MATERIAL FOR THIS EXERCISE below:

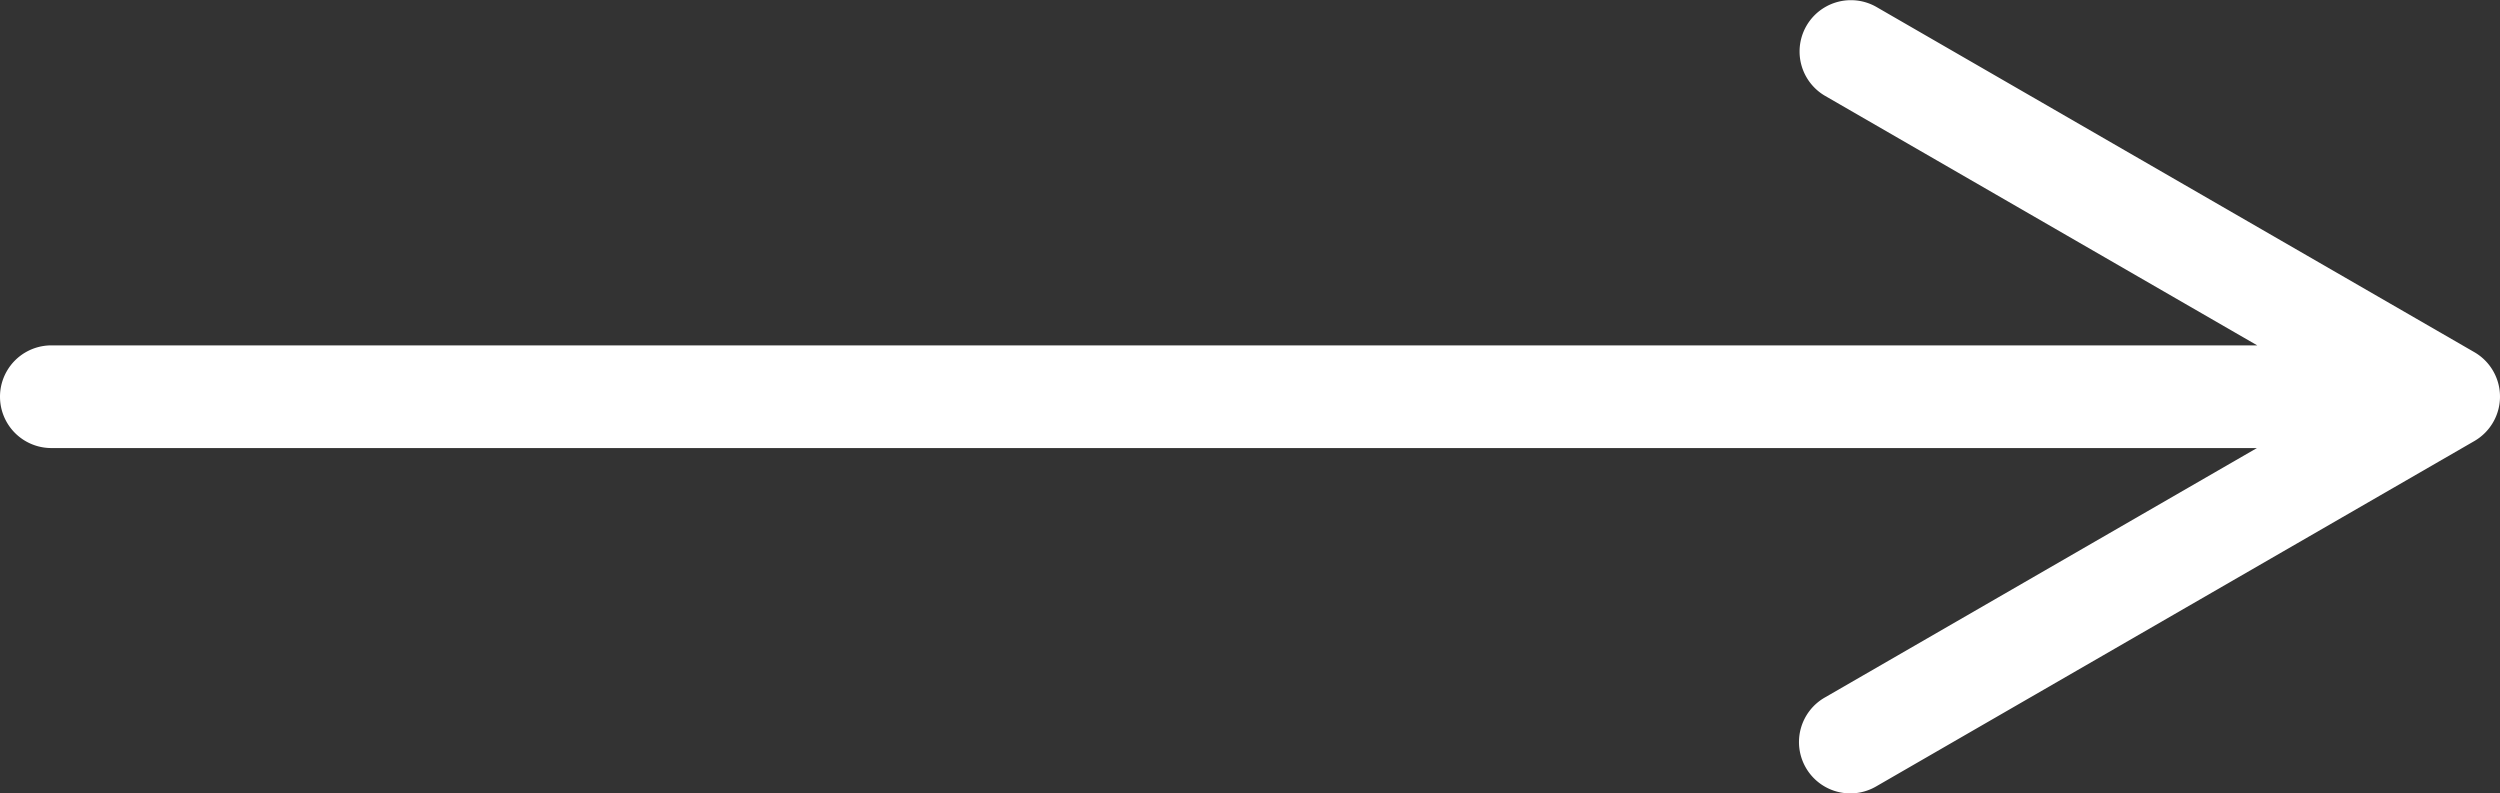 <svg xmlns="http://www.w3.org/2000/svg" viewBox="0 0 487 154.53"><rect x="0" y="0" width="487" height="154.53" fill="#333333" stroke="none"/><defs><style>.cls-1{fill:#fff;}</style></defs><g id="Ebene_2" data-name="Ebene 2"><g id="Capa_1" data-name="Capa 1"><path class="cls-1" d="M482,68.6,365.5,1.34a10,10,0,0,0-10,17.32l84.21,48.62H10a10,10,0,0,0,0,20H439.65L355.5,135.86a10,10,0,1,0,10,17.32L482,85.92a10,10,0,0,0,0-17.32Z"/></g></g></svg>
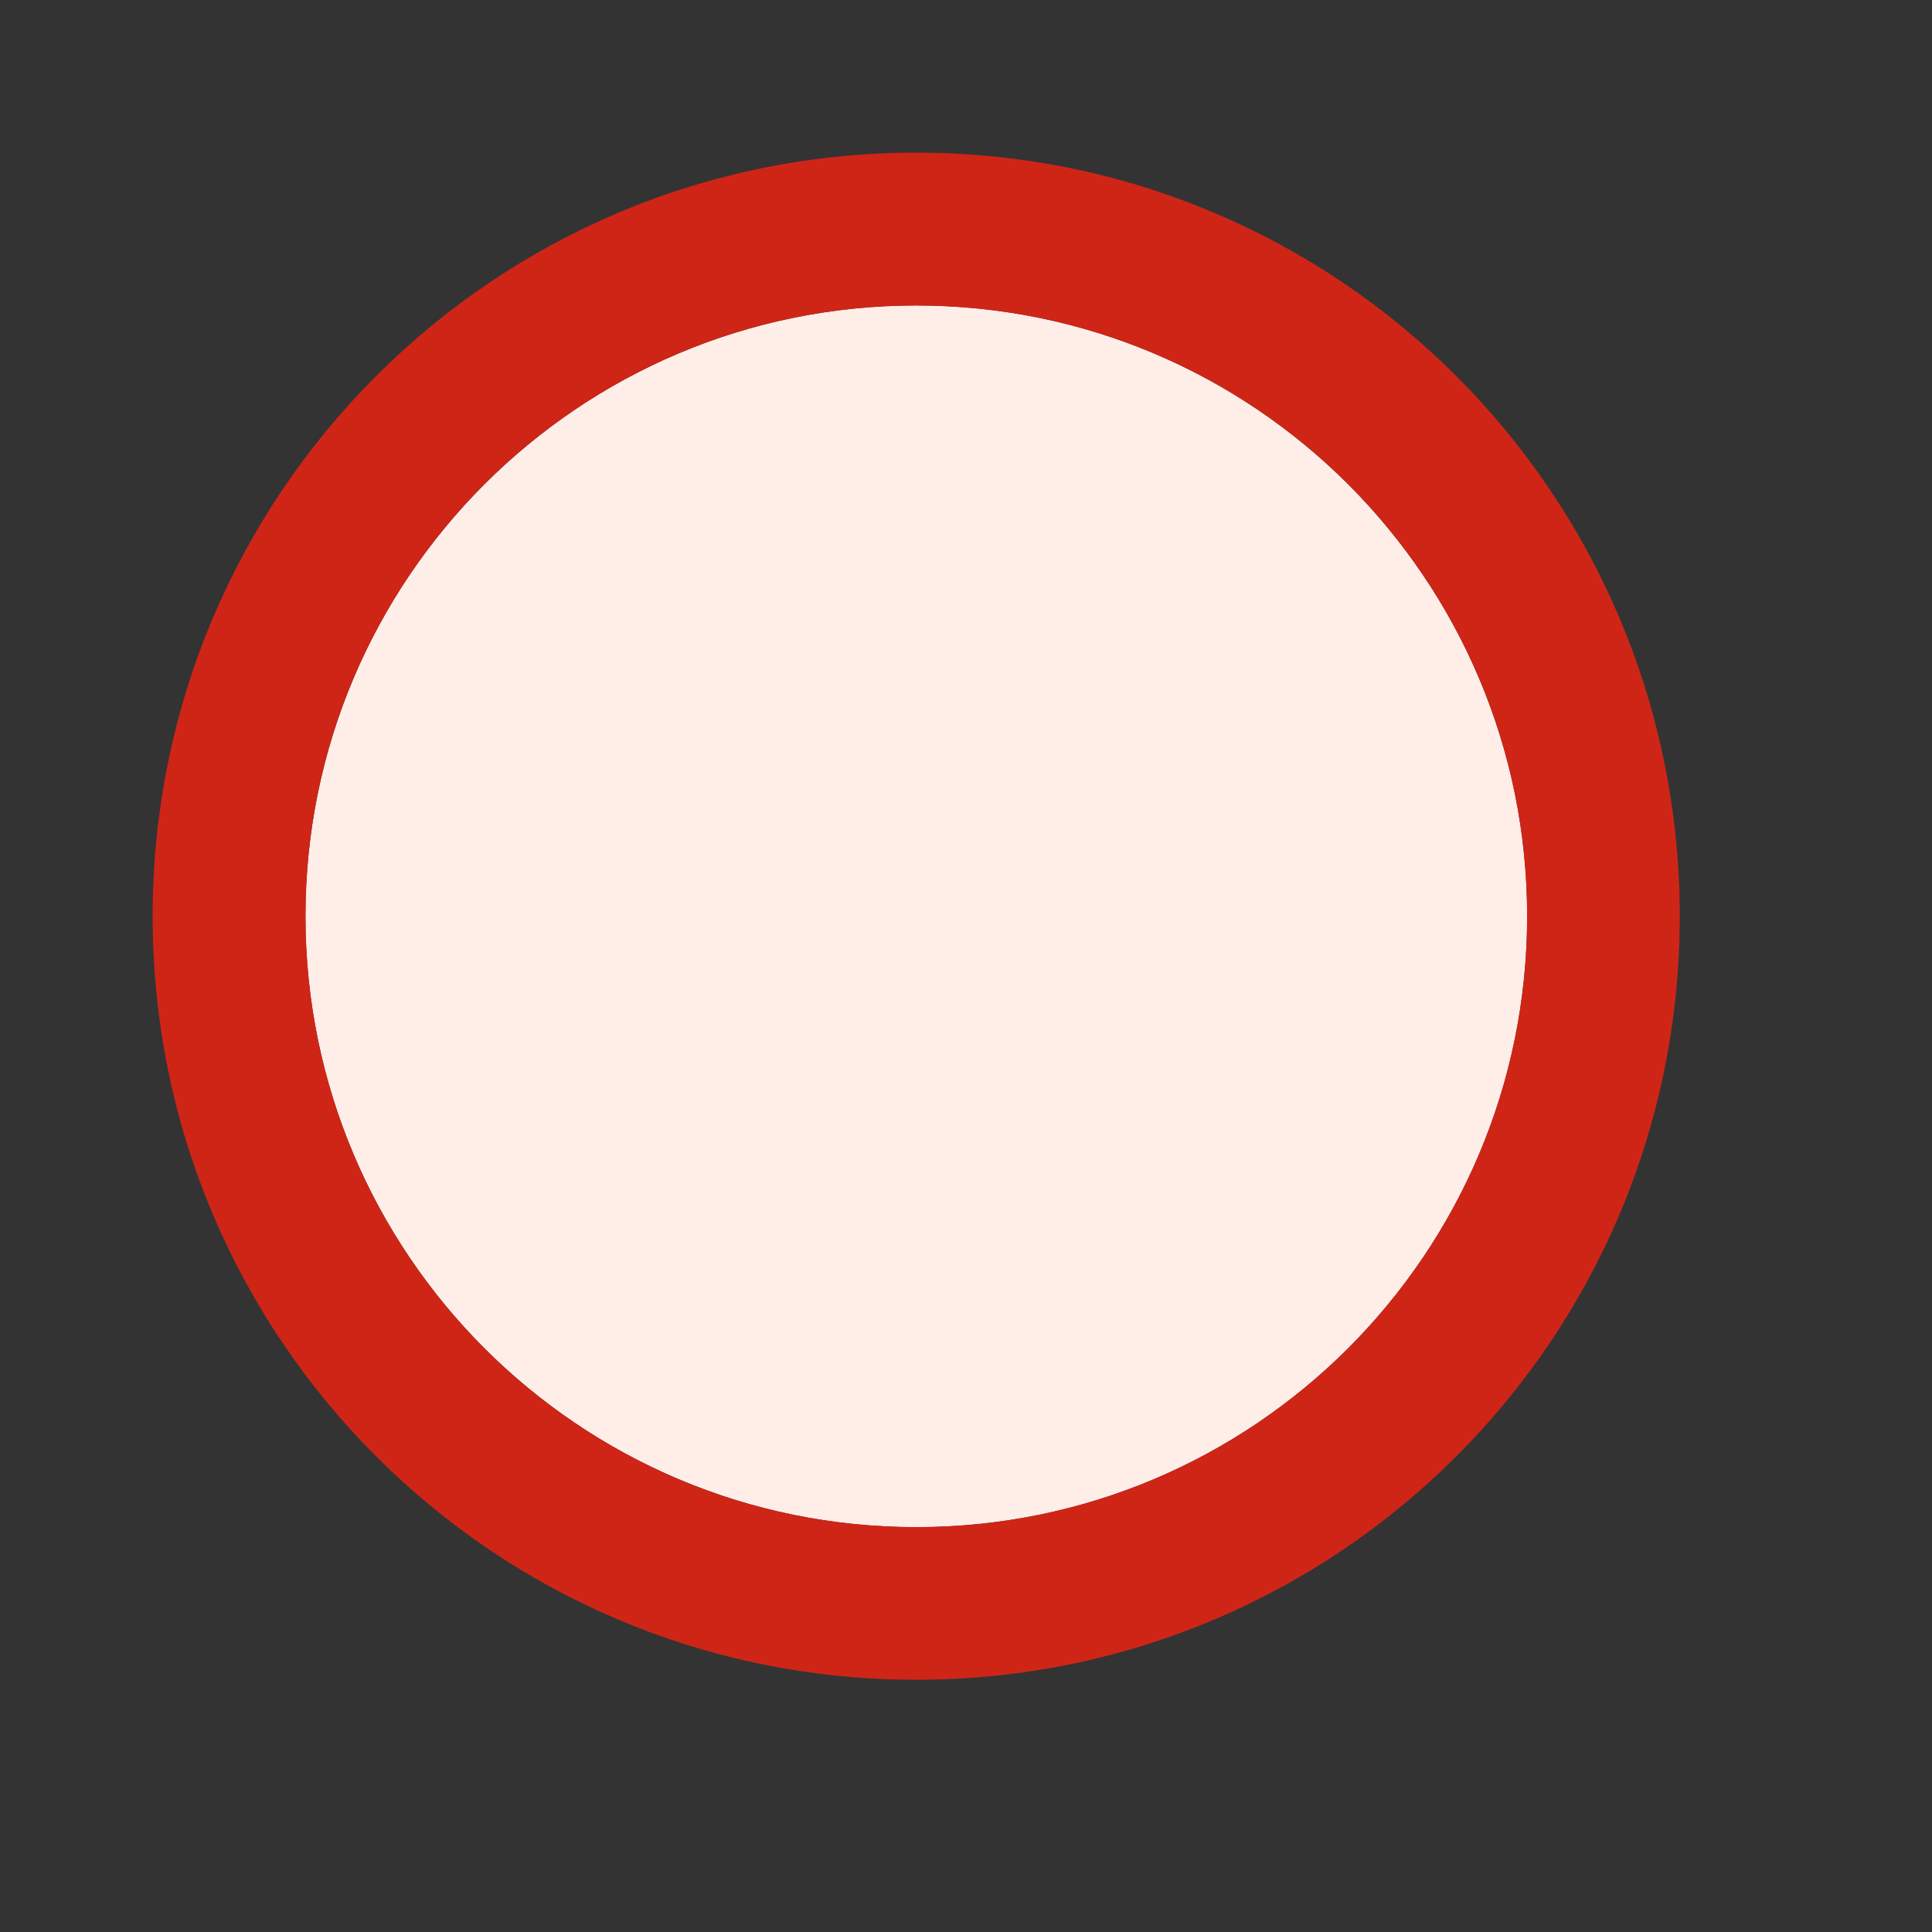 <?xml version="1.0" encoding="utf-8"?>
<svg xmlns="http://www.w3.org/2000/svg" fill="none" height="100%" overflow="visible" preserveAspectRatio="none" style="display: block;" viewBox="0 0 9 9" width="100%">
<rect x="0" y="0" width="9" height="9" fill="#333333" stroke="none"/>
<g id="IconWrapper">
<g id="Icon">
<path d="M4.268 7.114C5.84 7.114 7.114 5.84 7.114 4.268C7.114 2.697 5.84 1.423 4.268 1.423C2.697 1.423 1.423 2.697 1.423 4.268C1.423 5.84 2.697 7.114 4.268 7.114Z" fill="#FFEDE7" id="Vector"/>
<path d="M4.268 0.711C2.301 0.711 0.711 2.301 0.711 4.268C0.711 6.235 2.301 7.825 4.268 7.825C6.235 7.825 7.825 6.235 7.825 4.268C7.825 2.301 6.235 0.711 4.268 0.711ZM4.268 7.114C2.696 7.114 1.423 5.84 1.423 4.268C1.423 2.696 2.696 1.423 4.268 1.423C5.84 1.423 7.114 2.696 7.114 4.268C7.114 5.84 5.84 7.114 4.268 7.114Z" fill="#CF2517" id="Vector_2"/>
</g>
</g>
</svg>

End of MATERIAL FOR THIS EXERCISE.

> _INSTRUCTIONS FOR THE TASK_
The records above should be copied word for word, with the pictures left out.

> _RESULT FOR THIS TASK_
 <svg xmlns="http://www.w3.org/2000/svg" viewBox="0 0 487 154.53"><rect x="0" y="0" width="487" height="154.53" fill="#333333" stroke="none"/><defs><style>.cls-1{fill:#fff;}</style></defs><g id="Ebene_2" data-name="Ebene 2"><g id="Capa_1" data-name="Capa 1"><path class="cls-1" d="M482,68.6,365.5,1.34a10,10,0,0,0-10,17.32l84.21,48.62H10a10,10,0,0,0,0,20H439.65L355.5,135.86a10,10,0,1,0,10,17.32L482,85.92a10,10,0,0,0,0-17.32Z"/></g></g></svg>
 <?xml version="1.0" encoding="utf-8"?>
<svg xmlns="http://www.w3.org/2000/svg" fill="none" height="100%" overflow="visible" preserveAspectRatio="none" style="display: block;" viewBox="0 0 9 9" width="100%">
<rect x="0" y="0" width="9" height="9" fill="#333333" stroke="none"/>
<g id="IconWrapper">
<g id="Icon">
<path d="M4.268 7.114C5.84 7.114 7.114 5.84 7.114 4.268C7.114 2.697 5.84 1.423 4.268 1.423C2.697 1.423 1.423 2.697 1.423 4.268C1.423 5.84 2.697 7.114 4.268 7.114Z" fill="#FFEDE7" id="Vector"/>
<path d="M4.268 0.711C2.301 0.711 0.711 2.301 0.711 4.268C0.711 6.235 2.301 7.825 4.268 7.825C6.235 7.825 7.825 6.235 7.825 4.268C7.825 2.301 6.235 0.711 4.268 0.711ZM4.268 7.114C2.696 7.114 1.423 5.84 1.423 4.268C1.423 2.696 2.696 1.423 4.268 1.423C5.84 1.423 7.114 2.696 7.114 4.268C7.114 5.84 5.84 7.114 4.268 7.114Z" fill="#CF2517" id="Vector_2"/>
</g>
</g>
</svg>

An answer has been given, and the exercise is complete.